0

We have two externally maintained NoSQL databases, a legacy one and a new one. The records on these databases need to be compared for equality, and the new one must be updated to match the legacy one. The decision to carry this out using a Java application was not mine, but one which I must now implement.

Essentially the objects are returned and have various nested lists. I need to perform the java equivalent of joins on these lists, finding out at each nested list if the object is present in only legacy system (left outer join where right join key is null), only the new system (right outer join where left join key is null), or present in both (inner join). If they are present in both, I then need to then carry out the same logic on the nested list.

Example below:

// Objects below

    class Qualification {
        String qualificationName;
        String qualificationValue;
    }

    class Person {
        String personId;
        List<Qualification> qualifications;
    }

    class Group {
        String groupId;
        List<Person> people;
    }
    
    class DatabaseResponse {
        String recordId;
        List<Group> groups;
    }

So I have two lists of DatabaseResponses. I want to check records where the recordId matches from each database.

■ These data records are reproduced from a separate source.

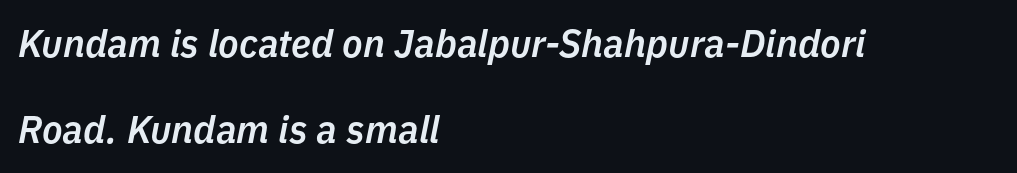
The image shows 38 px semibold type, italic (leaning right); set left-aligned, loose line spacing (2.27x), normal letter spacing, not underlined; low stroke contrast and a medium x-height.
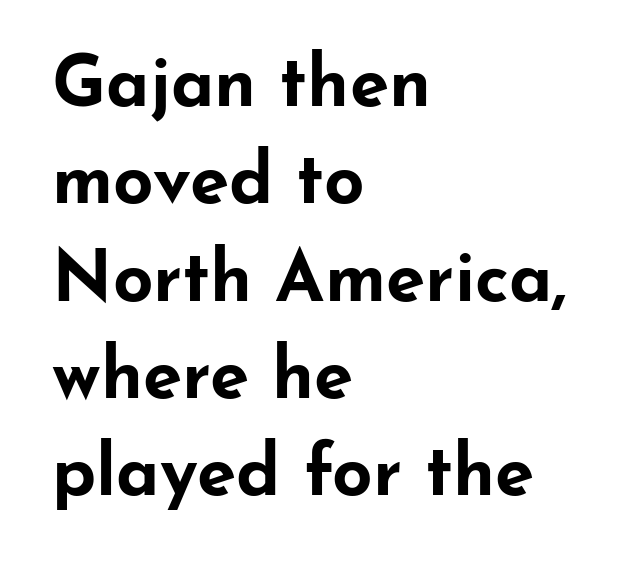
Q: Is the text bold? A: Yes.
Q: Is the text italic (slanted)? A: No, it is upright.
Q: Is the typeface a serif or a sans-serif typeface? A: Sans-serif.
Q: Is the text underlined? A: No.
Q: How is the paragraph aligned? A: Left-aligned.
Q: Is the spacing between letters normal or unusually wide? A: Normal.
Q: Is the spacing between lines tight, normal or loose? A: Normal.
Q: Width (condensed, normal, or wide)? A: Wide.
Q: Stroke contrast? A: Low.
Q: x-height? A: Small.
Q: Monospaced? A: No.
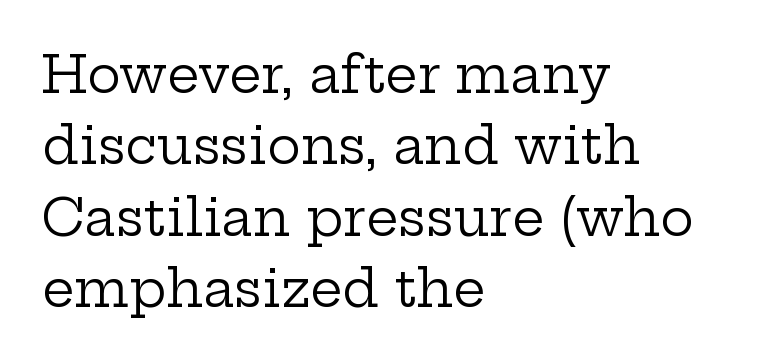
Q: Is the text bold? A: No.
Q: Is the text italic (slanted)? A: No, it is upright.
Q: Is the typeface a serif or a sans-serif typeface? A: Serif.
Q: Is the text underlined? A: No.
Q: How is the paragraph aligned? A: Left-aligned.
Q: Is the spacing between letters normal or unusually wide? A: Normal.
Q: Is the spacing between lines tight, normal or loose? A: Normal.
Q: Width (condensed, normal, or wide)? A: Wide.
Q: Stroke contrast? A: Low.
Q: x-height? A: Medium.
Q: Monospaced? A: No.

  • Records found only in the old system need added to the new one
  • Records found only in the new system need removed from it
  • Records which match need compared further.

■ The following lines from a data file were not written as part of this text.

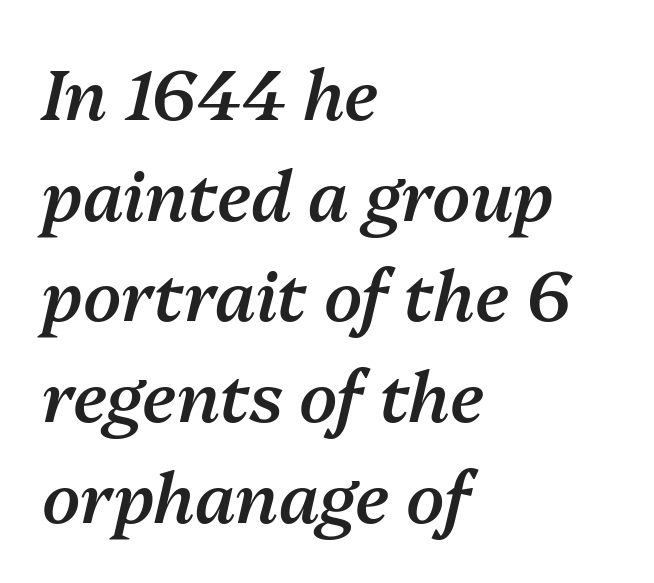
The image shows 69 px semibold type, italic (leaning right); set left-aligned, normal line spacing (1.46x), normal letter spacing, not underlined; medium stroke contrast and a medium x-height.
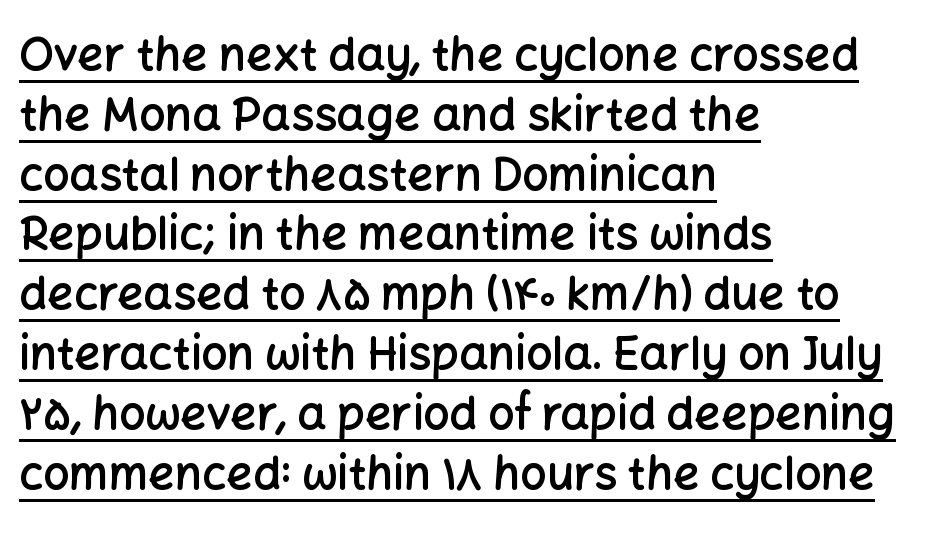
{"serif": "no", "italic": "no", "bold": "semi", "weight": "semibold", "width": "normal", "stroke_contrast": "low", "x_height": "medium", "monospaced": "no", "underline": "yes", "align": "left", "line_spacing": "normal", "line_spacing_ratio": 1.3, "letter_spacing": "normal", "letter_spacing_em": 0.0, "glyph_px": 46}
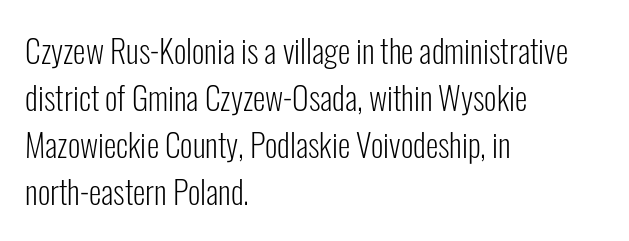
The font's upright variant was chosen for this text. No feet cap the strokes, marking this as sans-serif type. You could not count columns in this text — the font is proportionally spaced. Glance below the letters and you will spot only blank space.
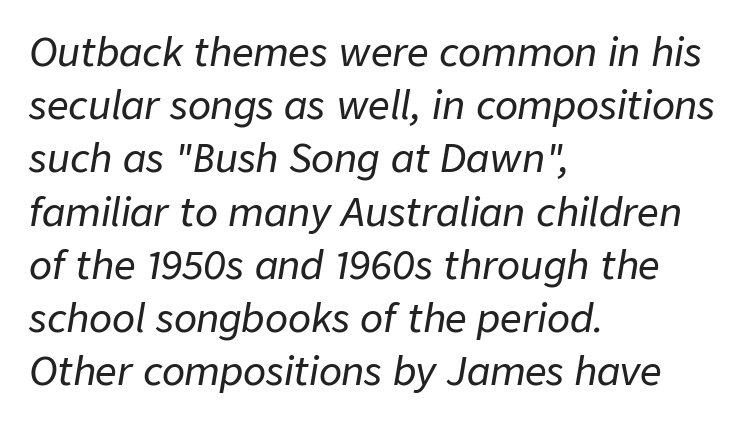
The image shows 38 px text type, italic (leaning right); set left-aligned, normal line spacing (1.4x), normal letter spacing, not underlined; low stroke contrast and a medium x-height.
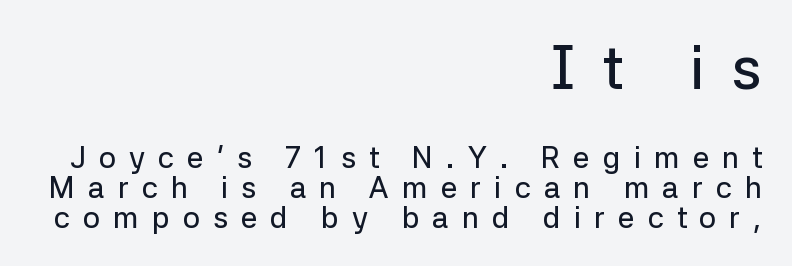
Q: Is the text italic (slanted)? A: No, it is upright.
Q: Is the typeface a serif or a sans-serif typeface? A: Sans-serif.
Q: Is the text underlined? A: No.
Q: How is the paragraph aligned? A: Right-aligned.
Q: Is the spacing between letters normal or unusually wide? A: Unusually wide.
Q: Is the spacing between lines tight, normal or loose? A: Tight.
Q: Which block of text is set in a larger size, the first (top) or the second (bottom)? A: The first (top) one.
Q: Width (condensed, normal, or wide)? A: Normal.
Q: Stroke contrast? A: Low.
Q: x-height? A: Medium.
Q: Monospaced? A: No.

We then compare the Groups in the same system, joining on groupId.

  • Records found only in the old system need added to the new one
  • Records found only in the new system need removed from it
  • Records which match need compared further.

Next we need to compare the People in the matching Groups, joining on personId.

  • Records found only in the old system need added to the new one
  • Records found only in the new system need removed from it
  • Records which match need compared further.

Finally we need to compare each qualification, checking the name and value are correct. Based on this, we will need to add/update/delete the new system based on the old one. There are records which are to be ignored, so some of the joins will have flags which need to be ignored.

I have tried doing this with lists, using the .equals method setting the join key in there. But I feel maybe streams will be the right way to do this, possibly with a flatMap, as I will need to reference parent objects when updating in the NoSQLdatabase? Any help is appreciated.

for(DatabaseResponse legacyResponse : legacyList){
    for(DatabaseResponse newResponse : newList){
        if(legacyResponse.equals(newResponse){
          // cycle through each responses groups to find the ones that match

          // cycle through each matching group to compare their people etc...
        }
    }
}
5
  • are you sure that you can handle both databases in memory at the same time? How big are them? Commented Feb 23, 2022 at 17:00
  • They are being sent record by record via an API, Its not an ideal solution but this is basically the only way this can be done - through API's, which is why this Java application is required Commented Feb 23, 2022 at 17:07
  • I wonder if understand this problem correctly? As a result of each the step you've described you need the following: a list of groups to insert and a list of groups to remove from DB; a list of people to insert and a list of people to remove from DB; a list of people to update. Commented Feb 23, 2022 at 18:47
  • Can you provide your imperative solution so that it'll be more how to translate it into streams? Commented Feb 23, 2022 at 18:51
  • shown something there.. Commented Feb 24, 2022 at 1:07

1 Answer 1

1

If I understood your goal correctly you as a result need the following:

  • a collection of Group objects that have to be inserted into the new DB and a collection of Group objects that have to be removed from the new DB;
  • the same for the Person objects;
  • the same for the Qualification objects;

My approach is to generate two maps Map<Group, Set<Person>> for old and new DB. And then use them to get unions and differences (in terms of the set theory) for groups, people and qualifications.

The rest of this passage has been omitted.